▸ **What you will do**
Every line of the data should be written out exactly, with the pictures left out.

Dataset items
----

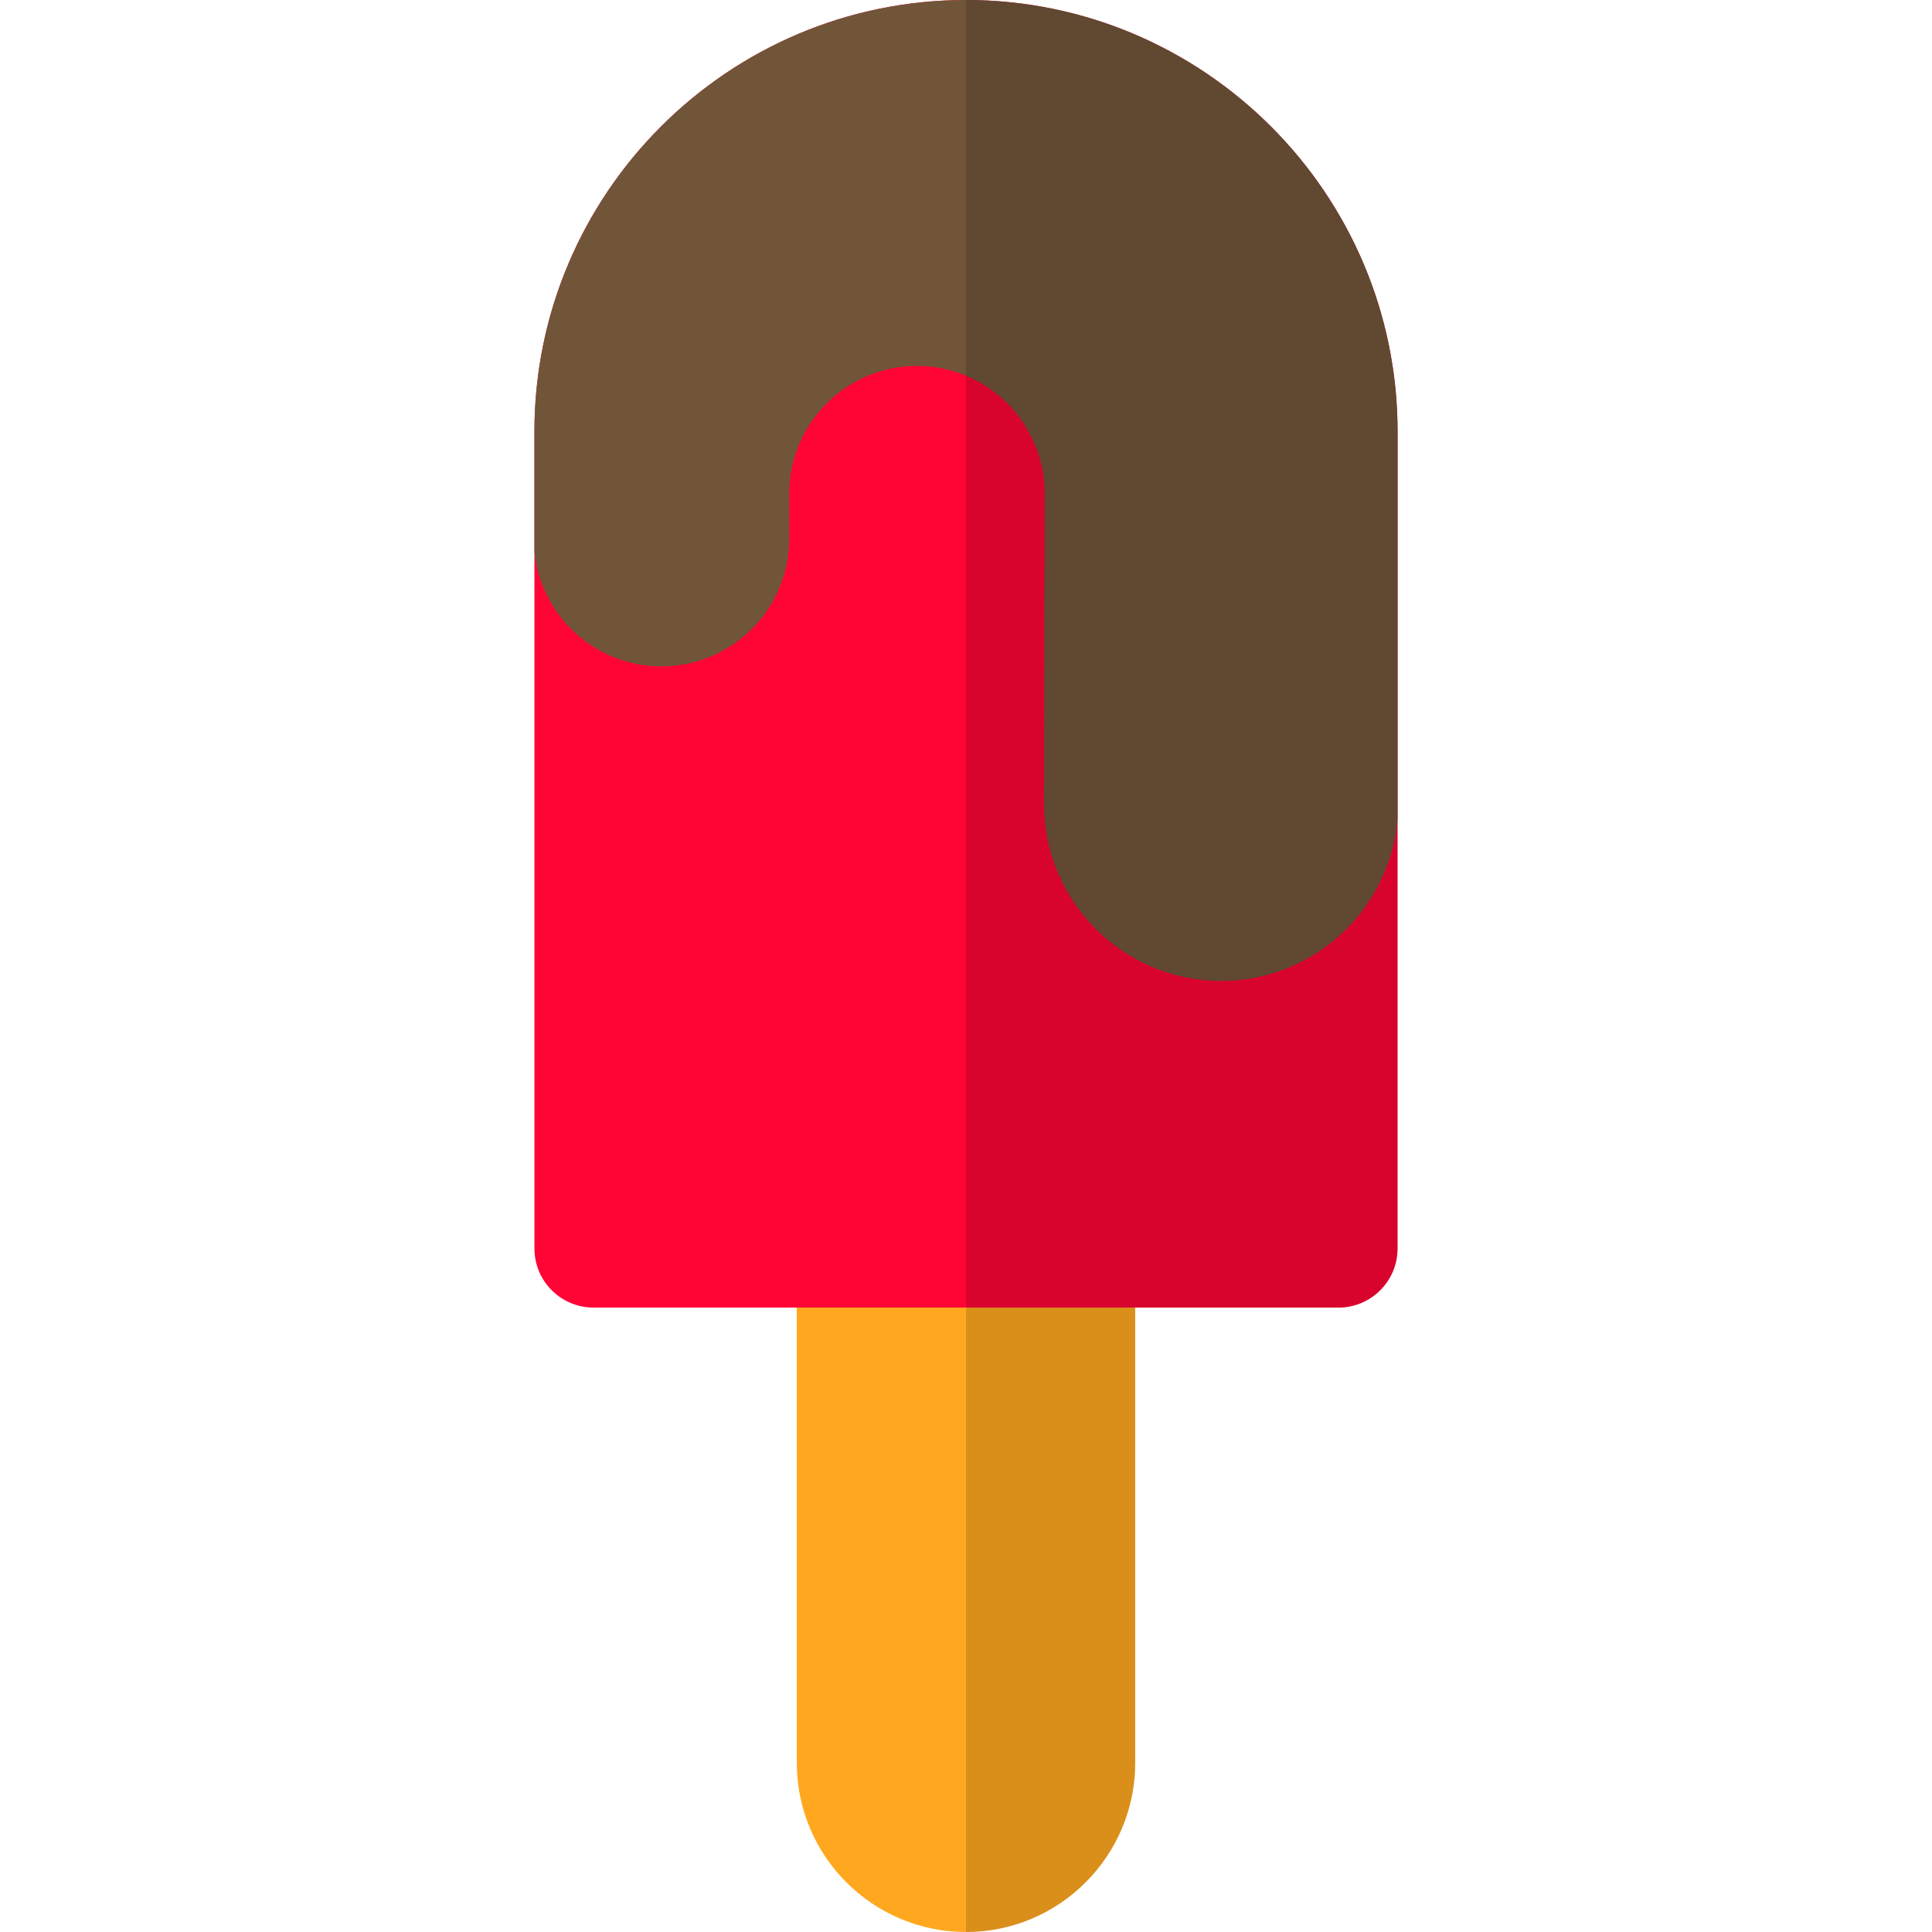 <?xml version="1.0" encoding="iso-8859-1"?>
<!-- Uploaded to: SVG Repo, www.svgrepo.com, Generator: SVG Repo Mixer Tools -->
<svg height="800px" width="800px" version="1.1" id="Layer_1" xmlns="http://www.w3.org/2000/svg" xmlns:xlink="http://www.w3.org/1999/xlink" 
	 viewBox="0 0 512 512" xml:space="preserve">
<path style="fill:#FFA81F;" d="M211.158,467.158c0,24.726,20.114,44.842,44.84,44.842c24.724,0,44.84-20.115,44.84-44.842V324.946
	h-89.68V467.158z"/>
<path style="fill:#FF0536;" d="M255.999,0C192.935,0,141.63,51.305,141.63,114.37v31.964v184.523
	c0,8.655,7.015,15.669,15.669,15.669h53.86h89.68h53.862c8.653,0,15.669-7.015,15.669-15.669V217.14V114.37
	C370.368,51.305,319.062,0,255.999,0z"/>
<path style="fill:#715539;" d="M175.294,176.604c18.697,0,33.859-15.158,33.859-33.859v-11.907
	c0-18.697,15.158-33.857,33.857-33.857s33.856,15.16,33.856,33.857l-0.197,82.181c0,25.926,21.018,46.947,46.945,46.947
	c24.537,0,44.667-18.832,46.756-42.826v-102.77C370.368,51.305,319.062,0,255.999,0C192.935,0,141.63,51.305,141.63,114.37v31.964
	C143.42,163.346,157.808,176.604,175.294,176.604z"/>
<path style="opacity:0.15;enable-background:new    ;" d="M255.999,0h-0.001v512c24.724,0,44.84-20.115,44.84-44.842V346.526h53.861
	c8.653,0,15.669-7.015,15.669-15.669V217.14V114.37C370.368,51.305,319.062,0,255.999,0z"/>
</svg>

----

▸ **Answer**
 <?xml version="1.0" encoding="iso-8859-1"?>
<!-- Uploaded to: SVG Repo, www.svgrepo.com, Generator: SVG Repo Mixer Tools -->
<svg height="800px" width="800px" version="1.1" id="Layer_1" xmlns="http://www.w3.org/2000/svg" xmlns:xlink="http://www.w3.org/1999/xlink" 
	 viewBox="0 0 512 512" xml:space="preserve">
<path style="fill:#FFA81F;" d="M211.158,467.158c0,24.726,20.114,44.842,44.84,44.842c24.724,0,44.84-20.115,44.84-44.842V324.946
	h-89.68V467.158z"/>
<path style="fill:#FF0536;" d="M255.999,0C192.935,0,141.63,51.305,141.63,114.37v31.964v184.523
	c0,8.655,7.015,15.669,15.669,15.669h53.86h89.68h53.862c8.653,0,15.669-7.015,15.669-15.669V217.14V114.37
	C370.368,51.305,319.062,0,255.999,0z"/>
<path style="fill:#715539;" d="M175.294,176.604c18.697,0,33.859-15.158,33.859-33.859v-11.907
	c0-18.697,15.158-33.857,33.857-33.857s33.856,15.16,33.856,33.857l-0.197,82.181c0,25.926,21.018,46.947,46.945,46.947
	c24.537,0,44.667-18.832,46.756-42.826v-102.77C370.368,51.305,319.062,0,255.999,0C192.935,0,141.63,51.305,141.63,114.37v31.964
	C143.42,163.346,157.808,176.604,175.294,176.604z"/>
<path style="opacity:0.15;enable-background:new    ;" d="M255.999,0h-0.001v512c24.724,0,44.84-20.115,44.84-44.842V346.526h53.861
	c8.653,0,15.669-7.015,15.669-15.669V217.14V114.37C370.368,51.305,319.062,0,255.999,0z"/>
</svg>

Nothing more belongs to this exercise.